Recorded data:
☆ ☆ ☆

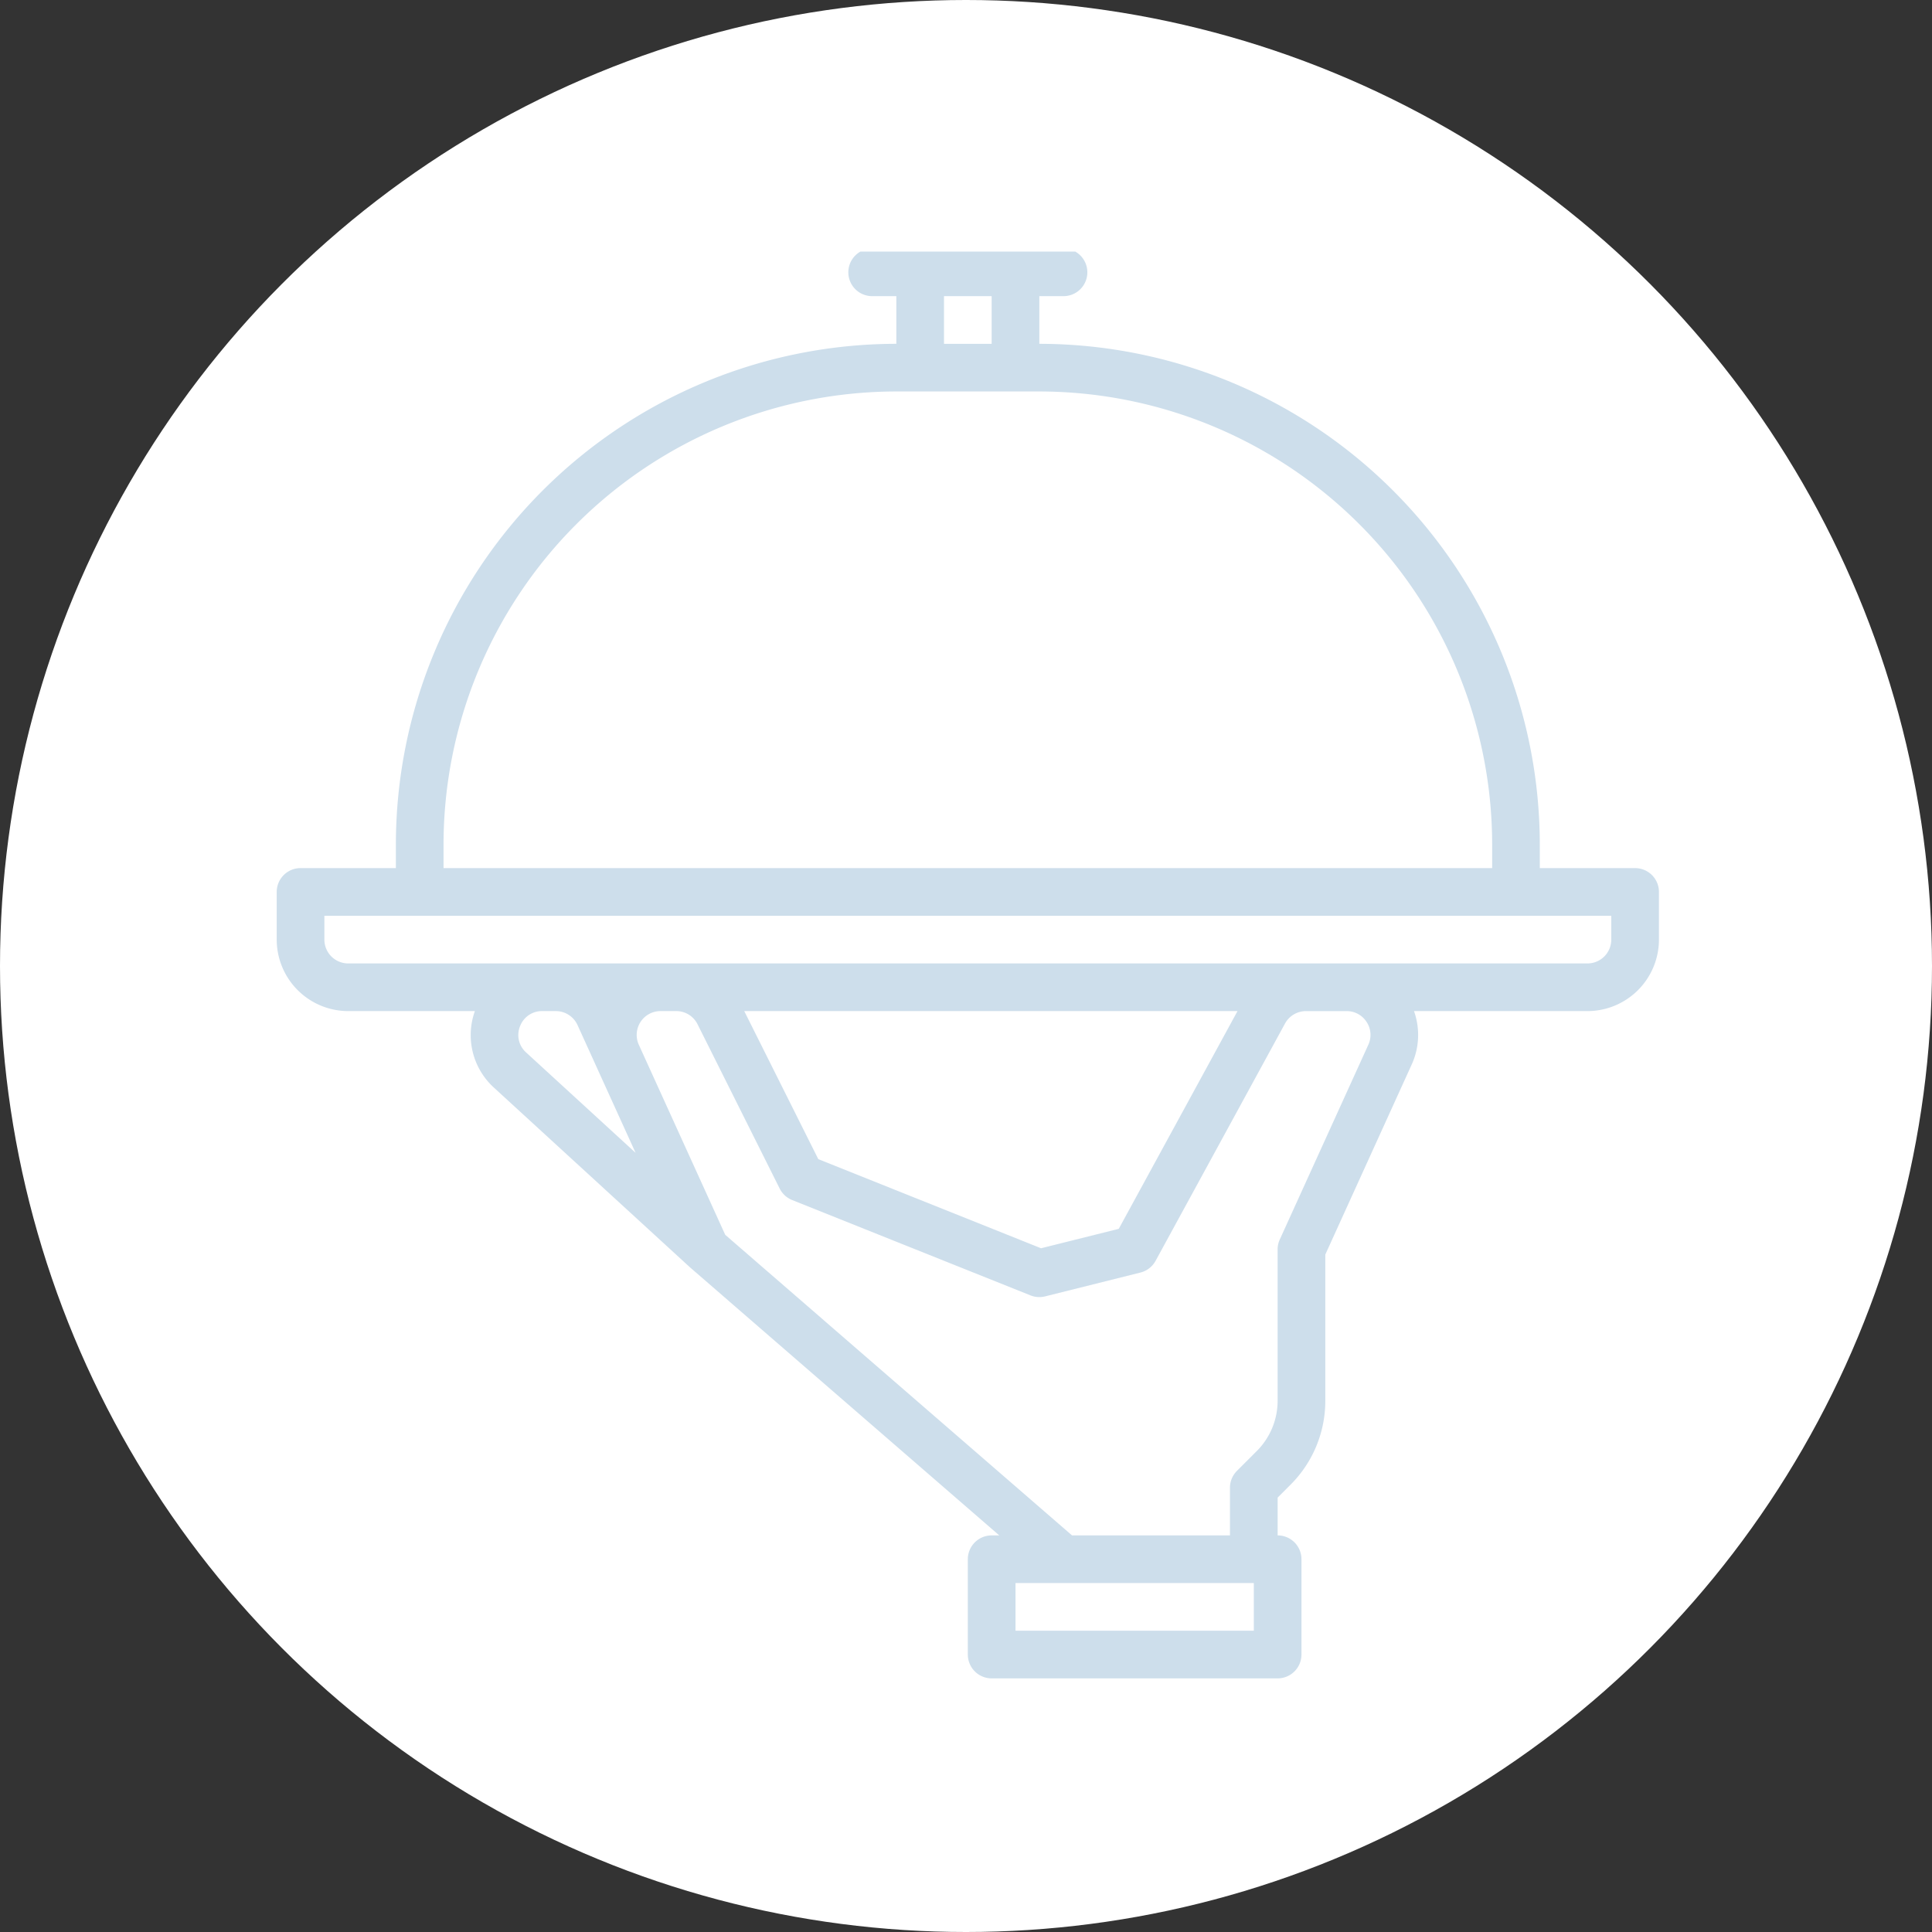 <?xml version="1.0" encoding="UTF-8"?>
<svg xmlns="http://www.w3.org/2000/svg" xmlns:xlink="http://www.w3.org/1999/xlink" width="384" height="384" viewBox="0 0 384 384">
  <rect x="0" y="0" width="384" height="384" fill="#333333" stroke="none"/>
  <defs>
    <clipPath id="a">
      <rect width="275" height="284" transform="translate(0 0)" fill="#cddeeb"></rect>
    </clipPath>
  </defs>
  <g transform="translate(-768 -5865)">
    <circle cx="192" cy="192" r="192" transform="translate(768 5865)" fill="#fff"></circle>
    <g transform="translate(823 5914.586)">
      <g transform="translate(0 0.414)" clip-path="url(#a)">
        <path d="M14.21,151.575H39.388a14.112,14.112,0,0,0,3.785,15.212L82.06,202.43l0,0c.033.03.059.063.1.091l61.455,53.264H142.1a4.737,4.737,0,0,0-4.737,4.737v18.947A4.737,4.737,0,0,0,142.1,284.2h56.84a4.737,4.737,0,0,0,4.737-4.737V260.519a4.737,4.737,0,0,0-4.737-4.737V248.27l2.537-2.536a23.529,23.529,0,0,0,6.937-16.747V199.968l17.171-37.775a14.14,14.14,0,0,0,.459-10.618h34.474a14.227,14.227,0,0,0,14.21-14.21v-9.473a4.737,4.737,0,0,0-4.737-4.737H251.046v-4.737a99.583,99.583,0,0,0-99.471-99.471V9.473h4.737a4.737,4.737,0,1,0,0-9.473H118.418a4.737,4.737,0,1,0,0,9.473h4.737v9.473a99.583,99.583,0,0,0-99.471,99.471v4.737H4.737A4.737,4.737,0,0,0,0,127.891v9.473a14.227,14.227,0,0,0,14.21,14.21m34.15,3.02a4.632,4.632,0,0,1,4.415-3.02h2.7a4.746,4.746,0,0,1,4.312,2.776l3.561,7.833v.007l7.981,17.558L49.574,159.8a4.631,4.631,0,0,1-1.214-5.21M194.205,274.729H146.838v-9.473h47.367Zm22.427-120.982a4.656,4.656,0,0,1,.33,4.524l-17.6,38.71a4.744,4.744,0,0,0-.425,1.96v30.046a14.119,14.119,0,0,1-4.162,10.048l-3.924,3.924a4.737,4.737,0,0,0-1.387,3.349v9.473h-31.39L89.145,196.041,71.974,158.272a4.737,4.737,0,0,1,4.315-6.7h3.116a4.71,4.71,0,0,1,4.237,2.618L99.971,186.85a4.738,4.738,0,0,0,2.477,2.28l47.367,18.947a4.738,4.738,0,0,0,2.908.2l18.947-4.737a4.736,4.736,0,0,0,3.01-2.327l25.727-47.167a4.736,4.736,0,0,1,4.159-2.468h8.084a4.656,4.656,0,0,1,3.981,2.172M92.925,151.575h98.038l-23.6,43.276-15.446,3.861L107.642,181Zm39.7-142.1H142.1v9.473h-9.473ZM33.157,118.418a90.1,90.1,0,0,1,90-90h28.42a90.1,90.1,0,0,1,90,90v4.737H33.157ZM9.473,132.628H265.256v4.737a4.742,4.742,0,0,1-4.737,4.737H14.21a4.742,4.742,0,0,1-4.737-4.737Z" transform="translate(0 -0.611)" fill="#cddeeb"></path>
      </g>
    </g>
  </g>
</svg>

☆ ☆ ☆

- **Goal of the exercise**: Repeat each line above exactly as it reads, omitting any pictures.

- **Exercise output**:
 <?xml version="1.0" encoding="UTF-8"?>
<svg xmlns="http://www.w3.org/2000/svg" xmlns:xlink="http://www.w3.org/1999/xlink" width="384" height="384" viewBox="0 0 384 384">
  <rect x="0" y="0" width="384" height="384" fill="#333333" stroke="none"/>
  <defs>
    <clipPath id="a">
      <rect width="275" height="284" transform="translate(0 0)" fill="#cddeeb"></rect>
    </clipPath>
  </defs>
  <g transform="translate(-768 -5865)">
    <circle cx="192" cy="192" r="192" transform="translate(768 5865)" fill="#fff"></circle>
    <g transform="translate(823 5914.586)">
      <g transform="translate(0 0.414)" clip-path="url(#a)">
        <path d="M14.21,151.575H39.388a14.112,14.112,0,0,0,3.785,15.212L82.06,202.43l0,0c.033.03.059.063.1.091l61.455,53.264H142.1a4.737,4.737,0,0,0-4.737,4.737v18.947A4.737,4.737,0,0,0,142.1,284.2h56.84a4.737,4.737,0,0,0,4.737-4.737V260.519a4.737,4.737,0,0,0-4.737-4.737V248.27l2.537-2.536a23.529,23.529,0,0,0,6.937-16.747V199.968l17.171-37.775a14.14,14.14,0,0,0,.459-10.618h34.474a14.227,14.227,0,0,0,14.21-14.21v-9.473a4.737,4.737,0,0,0-4.737-4.737H251.046v-4.737a99.583,99.583,0,0,0-99.471-99.471V9.473h4.737a4.737,4.737,0,1,0,0-9.473H118.418a4.737,4.737,0,1,0,0,9.473h4.737v9.473a99.583,99.583,0,0,0-99.471,99.471v4.737H4.737A4.737,4.737,0,0,0,0,127.891v9.473a14.227,14.227,0,0,0,14.21,14.21m34.15,3.02a4.632,4.632,0,0,1,4.415-3.02h2.7a4.746,4.746,0,0,1,4.312,2.776l3.561,7.833v.007l7.981,17.558L49.574,159.8a4.631,4.631,0,0,1-1.214-5.21M194.205,274.729H146.838v-9.473h47.367Zm22.427-120.982a4.656,4.656,0,0,1,.33,4.524l-17.6,38.71a4.744,4.744,0,0,0-.425,1.96v30.046a14.119,14.119,0,0,1-4.162,10.048l-3.924,3.924a4.737,4.737,0,0,0-1.387,3.349v9.473h-31.39L89.145,196.041,71.974,158.272a4.737,4.737,0,0,1,4.315-6.7h3.116a4.71,4.71,0,0,1,4.237,2.618L99.971,186.85a4.738,4.738,0,0,0,2.477,2.28l47.367,18.947a4.738,4.738,0,0,0,2.908.2l18.947-4.737a4.736,4.736,0,0,0,3.01-2.327l25.727-47.167a4.736,4.736,0,0,1,4.159-2.468h8.084a4.656,4.656,0,0,1,3.981,2.172M92.925,151.575h98.038l-23.6,43.276-15.446,3.861L107.642,181Zm39.7-142.1H142.1v9.473h-9.473ZM33.157,118.418a90.1,90.1,0,0,1,90-90h28.42a90.1,90.1,0,0,1,90,90v4.737H33.157ZM9.473,132.628H265.256v4.737a4.742,4.742,0,0,1-4.737,4.737H14.21a4.742,4.742,0,0,1-4.737-4.737Z" transform="translate(0 -0.611)" fill="#cddeeb"></path>
      </g>
    </g>
  </g>
</svg>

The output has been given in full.